UPDATED 15:23 EST / JANUARY 09 2014

NEWS

GHash.IO mining pool getting too big, Bitcoin community calls for diversification before it reaches 51%

It looks like the GHash.IO mining pool is getting too big for its britches for the Bitcoin community—and by that it means that the pool-based Bitcoin mining concern is rapidly approaching the dreaded 51% rate. Bitcoin mining is an important part of keeping the cryptocurrency safe by verifying transactions; it’s also how Bitcoin miners add new coins to the network and reap rewards. This makes mining a very lucrative interest.

For background, mining Bitcoin—by building the distributed leger that underpins the cryptocurrency called the Blockchain—takes a lot of computing power and this power can be measured as a hashrate. All the miners together represent 100% of the hashrate; but if any one miner (or group) managed to control more than 50% of the hashrate they would be capable of doing terrible things to the security of Bitcoin.

The potential 51% attack has been a mild fear to the community for a while—but it’s highly unlikely to happen as the culture of Bitcoin miners pushes them towards diversification.

Solo mining is possible but can be unreliable for income because of competition for finding blocks in the Blockchain, however, a solo miner will get the full reward. Mining pools centralize effort by allowing multiple miners to work together to discover blocks, which leads to the Bitcoin rewards more readily, but splits that reward up amongst the miners. The problem is that a large-enough mining pool could give a significant percentage of hashrate to one entity.

Response from the Bitcoin community

So when GHash.IO—a Bitcoin mining-pool operation owned by CEX.IO—suddenly inflated from 32% hashing power to 42% in 24 hours it caught the community’s attention. Shortly after people noticed, the BitcoinTalk forums and /r/Bitcoin subreddit exploded into action.

Even now topics speaking to the problem dominate the subreddit: “WARNING: GHASH.IO IS NEARING 51% – LEAVE THE POOL”, “Congratulations r/Bitcoin! You have created a decentralised discussion! (P.S. Ghash.io is EVIL)”, “LEAVE GHASH.IO”, “FOR THE LOVE OF GOD CHANGE THE FUCKING POOL IF YOURE ON GHASH.IO”, and “GHash.IO At 42% Of Mined Blocks Over Past 24 Hours.”.

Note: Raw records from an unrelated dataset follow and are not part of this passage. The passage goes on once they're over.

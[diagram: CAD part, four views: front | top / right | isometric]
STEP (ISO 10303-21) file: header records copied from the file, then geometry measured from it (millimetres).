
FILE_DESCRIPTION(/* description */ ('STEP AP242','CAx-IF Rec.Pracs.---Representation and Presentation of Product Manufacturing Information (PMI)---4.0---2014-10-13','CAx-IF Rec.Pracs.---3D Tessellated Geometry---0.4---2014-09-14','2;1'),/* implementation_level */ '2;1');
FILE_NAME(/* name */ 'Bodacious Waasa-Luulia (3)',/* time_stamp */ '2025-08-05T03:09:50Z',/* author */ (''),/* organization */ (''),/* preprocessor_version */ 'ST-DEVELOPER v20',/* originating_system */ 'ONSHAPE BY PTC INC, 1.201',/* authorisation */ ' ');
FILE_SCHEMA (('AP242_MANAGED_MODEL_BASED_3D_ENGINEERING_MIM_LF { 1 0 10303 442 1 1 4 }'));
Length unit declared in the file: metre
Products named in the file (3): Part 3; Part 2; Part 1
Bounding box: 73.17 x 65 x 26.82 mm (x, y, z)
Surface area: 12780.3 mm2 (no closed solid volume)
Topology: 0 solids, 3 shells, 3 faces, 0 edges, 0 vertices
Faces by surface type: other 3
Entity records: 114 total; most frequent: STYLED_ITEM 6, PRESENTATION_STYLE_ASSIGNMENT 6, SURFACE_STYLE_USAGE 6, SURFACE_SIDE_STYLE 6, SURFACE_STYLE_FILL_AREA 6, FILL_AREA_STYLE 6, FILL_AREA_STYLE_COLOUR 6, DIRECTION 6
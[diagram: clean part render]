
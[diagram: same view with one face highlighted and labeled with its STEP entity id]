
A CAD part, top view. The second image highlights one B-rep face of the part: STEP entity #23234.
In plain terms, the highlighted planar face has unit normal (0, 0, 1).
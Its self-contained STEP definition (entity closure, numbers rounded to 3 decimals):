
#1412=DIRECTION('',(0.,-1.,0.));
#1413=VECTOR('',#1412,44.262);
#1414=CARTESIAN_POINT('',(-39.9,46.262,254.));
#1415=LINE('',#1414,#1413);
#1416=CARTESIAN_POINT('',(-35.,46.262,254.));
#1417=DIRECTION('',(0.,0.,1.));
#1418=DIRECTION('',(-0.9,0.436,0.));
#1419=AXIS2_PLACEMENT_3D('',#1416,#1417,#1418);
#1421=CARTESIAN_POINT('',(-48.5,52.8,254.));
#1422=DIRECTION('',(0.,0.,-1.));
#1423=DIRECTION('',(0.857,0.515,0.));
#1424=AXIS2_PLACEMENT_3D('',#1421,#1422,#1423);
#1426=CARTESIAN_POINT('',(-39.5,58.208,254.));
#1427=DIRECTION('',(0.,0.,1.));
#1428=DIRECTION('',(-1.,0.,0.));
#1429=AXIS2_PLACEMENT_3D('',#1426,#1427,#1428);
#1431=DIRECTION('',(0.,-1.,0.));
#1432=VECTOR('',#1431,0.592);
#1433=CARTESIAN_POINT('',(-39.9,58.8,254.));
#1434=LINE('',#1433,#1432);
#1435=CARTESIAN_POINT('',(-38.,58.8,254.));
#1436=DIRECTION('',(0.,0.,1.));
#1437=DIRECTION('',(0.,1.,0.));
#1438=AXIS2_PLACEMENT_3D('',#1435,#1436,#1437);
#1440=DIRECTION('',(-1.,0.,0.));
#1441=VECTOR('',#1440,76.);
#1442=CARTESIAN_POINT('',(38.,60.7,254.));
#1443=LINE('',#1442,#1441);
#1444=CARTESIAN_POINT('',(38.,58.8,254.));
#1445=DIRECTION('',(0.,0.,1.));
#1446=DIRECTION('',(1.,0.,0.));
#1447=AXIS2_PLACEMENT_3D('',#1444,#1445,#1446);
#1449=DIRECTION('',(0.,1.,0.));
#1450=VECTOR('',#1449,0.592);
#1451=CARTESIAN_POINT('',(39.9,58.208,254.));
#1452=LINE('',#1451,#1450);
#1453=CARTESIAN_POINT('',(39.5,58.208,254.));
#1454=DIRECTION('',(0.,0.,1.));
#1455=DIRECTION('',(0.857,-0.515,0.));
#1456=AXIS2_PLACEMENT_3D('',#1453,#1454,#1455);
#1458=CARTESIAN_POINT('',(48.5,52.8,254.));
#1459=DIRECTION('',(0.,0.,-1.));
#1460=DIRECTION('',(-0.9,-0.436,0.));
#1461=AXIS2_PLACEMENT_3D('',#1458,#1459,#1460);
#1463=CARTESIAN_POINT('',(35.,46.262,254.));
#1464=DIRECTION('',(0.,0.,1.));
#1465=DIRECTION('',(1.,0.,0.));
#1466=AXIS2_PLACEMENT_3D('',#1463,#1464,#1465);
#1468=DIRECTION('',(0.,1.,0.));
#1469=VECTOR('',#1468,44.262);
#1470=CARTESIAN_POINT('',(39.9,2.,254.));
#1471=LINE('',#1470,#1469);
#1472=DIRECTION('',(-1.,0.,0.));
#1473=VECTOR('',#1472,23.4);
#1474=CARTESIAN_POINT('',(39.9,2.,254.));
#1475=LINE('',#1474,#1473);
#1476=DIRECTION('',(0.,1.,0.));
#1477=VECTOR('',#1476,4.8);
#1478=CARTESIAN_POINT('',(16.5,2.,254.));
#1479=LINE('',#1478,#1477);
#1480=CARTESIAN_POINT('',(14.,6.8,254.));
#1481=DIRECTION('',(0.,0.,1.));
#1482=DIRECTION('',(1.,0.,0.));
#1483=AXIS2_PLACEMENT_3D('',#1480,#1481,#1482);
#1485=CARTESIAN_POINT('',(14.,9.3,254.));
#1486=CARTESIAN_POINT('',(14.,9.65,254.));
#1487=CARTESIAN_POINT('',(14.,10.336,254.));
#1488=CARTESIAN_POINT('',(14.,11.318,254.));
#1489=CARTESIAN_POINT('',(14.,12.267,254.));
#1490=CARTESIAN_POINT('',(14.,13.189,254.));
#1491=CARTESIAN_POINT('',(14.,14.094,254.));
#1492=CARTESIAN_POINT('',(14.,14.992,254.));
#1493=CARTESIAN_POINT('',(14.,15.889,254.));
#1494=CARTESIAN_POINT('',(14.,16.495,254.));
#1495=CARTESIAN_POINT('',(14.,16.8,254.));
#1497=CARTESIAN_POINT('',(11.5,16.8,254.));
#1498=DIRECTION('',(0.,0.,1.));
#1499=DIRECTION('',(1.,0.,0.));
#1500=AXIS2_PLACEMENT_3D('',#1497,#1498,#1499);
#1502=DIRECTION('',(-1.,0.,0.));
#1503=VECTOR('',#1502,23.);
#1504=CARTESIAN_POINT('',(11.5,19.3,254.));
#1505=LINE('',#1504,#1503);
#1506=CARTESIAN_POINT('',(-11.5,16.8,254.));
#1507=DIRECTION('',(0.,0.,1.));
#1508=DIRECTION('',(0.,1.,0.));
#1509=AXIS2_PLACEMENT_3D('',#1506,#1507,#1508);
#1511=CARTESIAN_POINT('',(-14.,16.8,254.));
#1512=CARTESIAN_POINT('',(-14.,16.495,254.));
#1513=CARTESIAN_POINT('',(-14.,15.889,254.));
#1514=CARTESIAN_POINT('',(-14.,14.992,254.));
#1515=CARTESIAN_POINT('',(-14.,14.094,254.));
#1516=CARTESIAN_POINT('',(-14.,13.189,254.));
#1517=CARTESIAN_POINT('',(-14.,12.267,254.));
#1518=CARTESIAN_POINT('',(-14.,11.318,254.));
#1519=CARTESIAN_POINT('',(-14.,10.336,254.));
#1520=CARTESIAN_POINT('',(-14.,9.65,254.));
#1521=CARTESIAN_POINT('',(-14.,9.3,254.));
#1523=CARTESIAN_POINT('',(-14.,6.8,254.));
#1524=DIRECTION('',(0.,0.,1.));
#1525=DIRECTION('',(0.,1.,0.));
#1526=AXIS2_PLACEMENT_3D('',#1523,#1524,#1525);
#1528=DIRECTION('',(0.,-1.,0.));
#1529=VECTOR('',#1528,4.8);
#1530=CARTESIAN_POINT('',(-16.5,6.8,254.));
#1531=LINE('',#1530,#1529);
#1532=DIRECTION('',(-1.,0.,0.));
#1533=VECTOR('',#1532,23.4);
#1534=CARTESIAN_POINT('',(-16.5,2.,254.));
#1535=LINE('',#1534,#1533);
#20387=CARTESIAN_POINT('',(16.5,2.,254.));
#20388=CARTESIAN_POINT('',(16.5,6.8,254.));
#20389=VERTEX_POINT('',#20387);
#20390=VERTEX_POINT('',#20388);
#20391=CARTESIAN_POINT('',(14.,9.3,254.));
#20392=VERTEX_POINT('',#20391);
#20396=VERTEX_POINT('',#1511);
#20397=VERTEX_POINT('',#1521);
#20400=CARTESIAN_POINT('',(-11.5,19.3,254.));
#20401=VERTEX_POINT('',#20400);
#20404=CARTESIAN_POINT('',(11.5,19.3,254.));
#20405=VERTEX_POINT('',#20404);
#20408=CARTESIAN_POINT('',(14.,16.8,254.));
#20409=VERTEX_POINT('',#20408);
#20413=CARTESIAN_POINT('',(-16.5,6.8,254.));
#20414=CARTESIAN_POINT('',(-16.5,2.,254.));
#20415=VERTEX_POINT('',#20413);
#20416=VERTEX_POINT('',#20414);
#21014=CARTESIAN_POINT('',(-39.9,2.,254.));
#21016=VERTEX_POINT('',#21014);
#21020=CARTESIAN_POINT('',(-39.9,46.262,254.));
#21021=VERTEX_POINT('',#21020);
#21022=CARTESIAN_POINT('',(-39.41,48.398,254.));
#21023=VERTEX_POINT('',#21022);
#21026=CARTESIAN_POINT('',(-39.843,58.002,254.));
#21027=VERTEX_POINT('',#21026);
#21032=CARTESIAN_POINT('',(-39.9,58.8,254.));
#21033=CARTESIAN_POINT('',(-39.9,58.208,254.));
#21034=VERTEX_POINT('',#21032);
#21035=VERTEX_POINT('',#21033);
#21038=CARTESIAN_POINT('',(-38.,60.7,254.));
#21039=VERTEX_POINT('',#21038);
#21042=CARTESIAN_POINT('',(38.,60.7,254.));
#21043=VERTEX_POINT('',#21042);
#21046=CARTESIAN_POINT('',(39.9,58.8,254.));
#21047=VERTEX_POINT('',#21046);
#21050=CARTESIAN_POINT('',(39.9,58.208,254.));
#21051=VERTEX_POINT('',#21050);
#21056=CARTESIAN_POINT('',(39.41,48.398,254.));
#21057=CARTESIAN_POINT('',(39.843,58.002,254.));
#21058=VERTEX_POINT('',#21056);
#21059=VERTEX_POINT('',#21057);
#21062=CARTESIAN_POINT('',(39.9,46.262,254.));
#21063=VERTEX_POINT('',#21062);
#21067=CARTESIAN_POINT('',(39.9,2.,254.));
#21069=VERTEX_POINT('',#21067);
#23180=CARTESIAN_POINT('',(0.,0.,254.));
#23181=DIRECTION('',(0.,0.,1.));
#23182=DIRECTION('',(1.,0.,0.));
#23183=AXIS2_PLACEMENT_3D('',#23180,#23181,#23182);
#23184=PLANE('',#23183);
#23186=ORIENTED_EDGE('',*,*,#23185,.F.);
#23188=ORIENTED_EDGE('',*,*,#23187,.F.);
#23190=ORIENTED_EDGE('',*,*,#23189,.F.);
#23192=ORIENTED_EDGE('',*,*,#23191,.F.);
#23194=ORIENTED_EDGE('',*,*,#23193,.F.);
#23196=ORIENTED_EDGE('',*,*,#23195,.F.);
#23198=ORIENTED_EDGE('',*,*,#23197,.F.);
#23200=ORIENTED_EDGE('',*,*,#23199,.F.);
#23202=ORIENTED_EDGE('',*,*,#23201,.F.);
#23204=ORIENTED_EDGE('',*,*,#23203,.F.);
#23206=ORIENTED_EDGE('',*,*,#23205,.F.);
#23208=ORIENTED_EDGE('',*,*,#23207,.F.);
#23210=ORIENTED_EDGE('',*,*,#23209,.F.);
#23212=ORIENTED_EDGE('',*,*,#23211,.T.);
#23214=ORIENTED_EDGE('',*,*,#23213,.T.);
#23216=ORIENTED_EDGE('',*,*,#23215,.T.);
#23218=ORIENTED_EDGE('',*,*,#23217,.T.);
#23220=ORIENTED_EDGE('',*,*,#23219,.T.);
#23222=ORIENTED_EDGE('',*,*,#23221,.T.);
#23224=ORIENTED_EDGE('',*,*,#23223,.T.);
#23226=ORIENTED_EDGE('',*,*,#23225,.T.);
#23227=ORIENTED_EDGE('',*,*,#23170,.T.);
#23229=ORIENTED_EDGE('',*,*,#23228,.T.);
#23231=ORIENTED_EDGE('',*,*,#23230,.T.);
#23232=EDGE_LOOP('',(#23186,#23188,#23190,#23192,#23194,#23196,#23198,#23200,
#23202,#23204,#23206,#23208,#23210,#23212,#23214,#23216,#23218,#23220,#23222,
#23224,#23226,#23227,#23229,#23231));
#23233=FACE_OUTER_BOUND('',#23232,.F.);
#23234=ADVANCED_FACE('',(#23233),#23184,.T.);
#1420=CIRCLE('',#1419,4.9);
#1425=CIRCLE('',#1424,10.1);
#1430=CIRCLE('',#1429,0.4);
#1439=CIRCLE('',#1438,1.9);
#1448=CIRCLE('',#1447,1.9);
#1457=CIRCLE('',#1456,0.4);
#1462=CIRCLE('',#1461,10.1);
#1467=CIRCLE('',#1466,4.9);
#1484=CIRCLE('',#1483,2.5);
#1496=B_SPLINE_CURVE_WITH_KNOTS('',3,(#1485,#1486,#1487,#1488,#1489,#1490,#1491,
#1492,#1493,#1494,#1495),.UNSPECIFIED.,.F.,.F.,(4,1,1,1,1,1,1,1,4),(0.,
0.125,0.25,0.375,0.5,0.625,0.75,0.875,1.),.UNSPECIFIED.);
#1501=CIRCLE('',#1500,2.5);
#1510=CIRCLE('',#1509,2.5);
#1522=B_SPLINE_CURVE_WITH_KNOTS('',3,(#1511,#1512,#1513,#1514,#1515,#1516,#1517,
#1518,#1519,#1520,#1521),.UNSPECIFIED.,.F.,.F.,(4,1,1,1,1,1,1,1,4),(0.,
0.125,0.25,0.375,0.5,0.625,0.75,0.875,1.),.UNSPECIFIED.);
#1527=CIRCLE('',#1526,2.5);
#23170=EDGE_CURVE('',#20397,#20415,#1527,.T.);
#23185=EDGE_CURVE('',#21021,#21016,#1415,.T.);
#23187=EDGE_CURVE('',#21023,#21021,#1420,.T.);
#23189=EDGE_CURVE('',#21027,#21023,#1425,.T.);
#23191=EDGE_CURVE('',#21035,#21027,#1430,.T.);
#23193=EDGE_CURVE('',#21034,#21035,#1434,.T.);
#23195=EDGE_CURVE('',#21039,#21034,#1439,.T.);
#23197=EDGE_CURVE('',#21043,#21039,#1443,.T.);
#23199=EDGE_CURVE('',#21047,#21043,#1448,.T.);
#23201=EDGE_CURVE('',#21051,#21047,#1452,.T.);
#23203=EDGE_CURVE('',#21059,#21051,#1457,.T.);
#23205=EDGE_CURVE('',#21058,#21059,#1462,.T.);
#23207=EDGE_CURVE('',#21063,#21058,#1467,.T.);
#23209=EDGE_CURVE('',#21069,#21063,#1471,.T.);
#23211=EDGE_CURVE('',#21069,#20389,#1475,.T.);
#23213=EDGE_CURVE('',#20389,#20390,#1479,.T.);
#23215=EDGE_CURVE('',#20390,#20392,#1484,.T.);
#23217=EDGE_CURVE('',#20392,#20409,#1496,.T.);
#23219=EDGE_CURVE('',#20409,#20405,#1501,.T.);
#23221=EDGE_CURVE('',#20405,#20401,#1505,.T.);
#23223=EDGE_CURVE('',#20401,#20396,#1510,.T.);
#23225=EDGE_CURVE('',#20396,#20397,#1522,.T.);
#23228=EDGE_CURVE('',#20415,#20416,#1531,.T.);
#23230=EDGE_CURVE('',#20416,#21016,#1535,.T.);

The result has been a number of miners immediately promising to move their mining concerns (and equipment) away from GHash.IO to much smaller pools. The result, a greater diversification of the mining pool power across the network.

Midday, 1-9-2014 and GHash.IO still has 40% of the network down 2% from when the community reacted.

Response from GHash.IO

CEX.IO also quickly weighed in with a press release about GHash.IO (available as PDF) and due-diligence and responsibility to keeping Bitcoin from toppling over.

“Although the increase of hash-power in the pool is considered to be a good thing, reaching 51% of all hashing power is serious threat to the bitcoin community,” the press release states, citing the health of the Bitcoin Blockchain as tantamount. “GHash.IO will take all necessary precautions to prevent reaching 51% of all hashing power, in order to maintain stability of the bitcoin network.”

GHash.IO cites a 0% pool fee, merged mining of alt coins, and excellent customer support as for why its pool has grown so significantly.

The press release included a series of solutions that GHash.IO will implement in order to slow down growth or pull it back somewhat including temporarily cessation of adding new miners to the pool and implementing a feature on CEX.IO (the cloud-mining concern portion of GHash.IO) permitting miners to mine BTC with other pools (allowing the pool’s miners to self-distribute.)

“GHash.IO does not have any intentions to execute a 51% attack, as it will do serious damage to the Bitcoin community, of which we are part of. On the contrary, our plans are to expand the bitcoin community as well as utilise the hashing power to develop a greater bitcoin economic structure. If something happened to Bitcoin as a whole it could risk our investments in  physical hardware, damage those who love Bitcoin and we see no benefit from having 51% stake in mining.”